▶ **What is required**: Could you output the whole listing exactly as it stands, minus any images?

:::

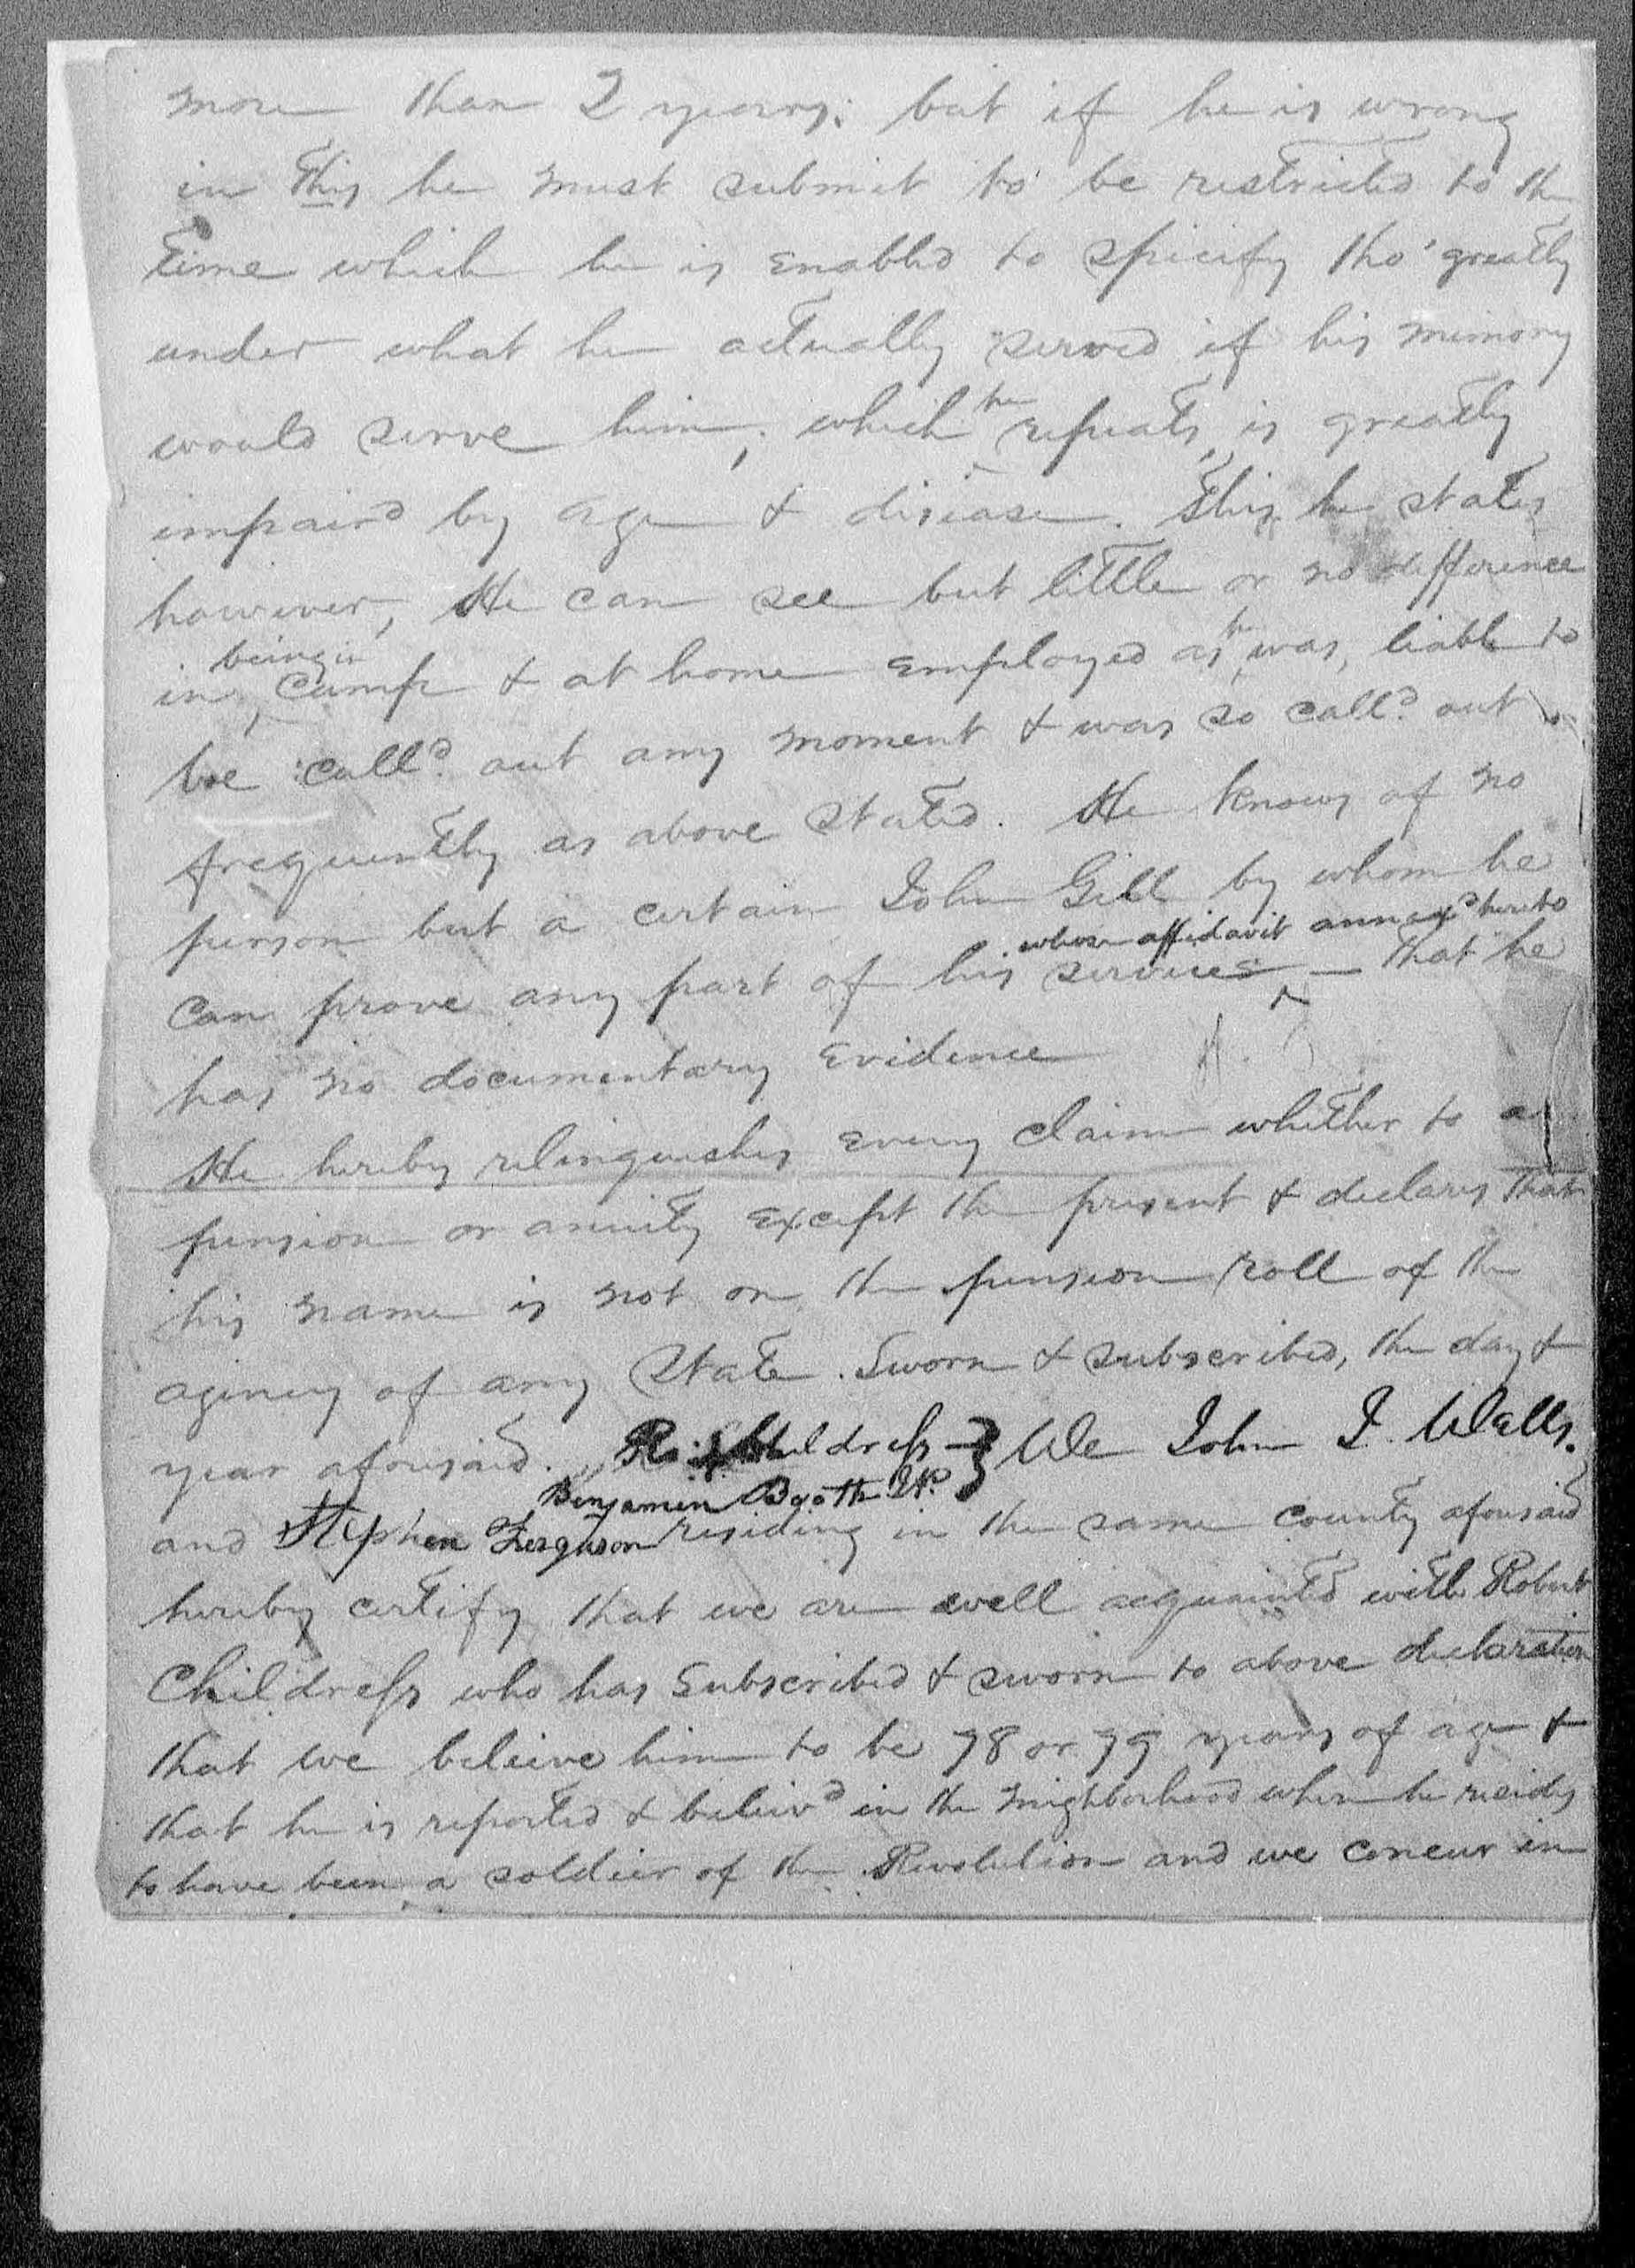more than [illegible]: but if he is wrong in this he must submit to be restricted to the time which he is enabled to specify the greatly under what he actually served if his memory would serve him,
which he repeats is greatly impaired by age & disease. This he states however, he can see but little or no difference in [illegible] & at home employed as he was liable to be called out any moment & was so called out frequently as above stated. He knows of no person but a certain John Gill by whom he can prove any part of his service whose affidavit annexed hereto[inserted] that he has no documentary evidence of. He hereby relinquishes every claim whether to a pension or annuity except the present & declares that his name is not on the pension roll of the agency of any State. Sworn & subscribed the day & year aforesaid Redress-We John J. Wells and Stephen Leighton residing in the same County aforesaid hereby certify that we are well acquainted with Robert
Childress who has subscribed & sworn to above declaration that we believe him to be 78 or 79 years of age & that he is [illegible] & believed in the neighborhood where he resides to have been a soldier of the Revolution and we concur in

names: Benjamin Booth, John J Wells, Robert Childress, John Gill, Stephen Ferguson
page: 5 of 25
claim: rejected
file: R. 1929, Robert Childress, Va

:::

▶ **Result of this exercise**:
more than [illegible]: but if he is wrong in this he must submit to be restricted to the time which he is enabled to specify the greatly under what he actually served if his memory would serve him,
which he repeats is greatly impaired by age & disease. This he states however, he can see but little or no difference in [illegible] & at home employed as he was liable to be called out any moment & was so called out frequently as above stated. He knows of no person but a certain John Gill by whom he can prove any part of his service whose affidavit annexed hereto[inserted] that he has no documentary evidence of. He hereby relinquishes every claim whether to a pension or annuity except the present & declares that his name is not on the pension roll of the agency of any State. Sworn & subscribed the day & year aforesaid Redress-We John J. Wells and Stephen Leighton residing in the same County aforesaid hereby certify that we are well acquainted with Robert
Childress who has subscribed & sworn to above declaration that we believe him to be 78 or 79 years of age & that he is [illegible] & believed in the neighborhood where he resides to have been a soldier of the Revolution and we concur in

names: Benjamin Booth, John J Wells, Robert Childress, John Gill, Stephen Ferguson
page: 5 of 25
claim: rejected
file: R. 1929, Robert Childress, Va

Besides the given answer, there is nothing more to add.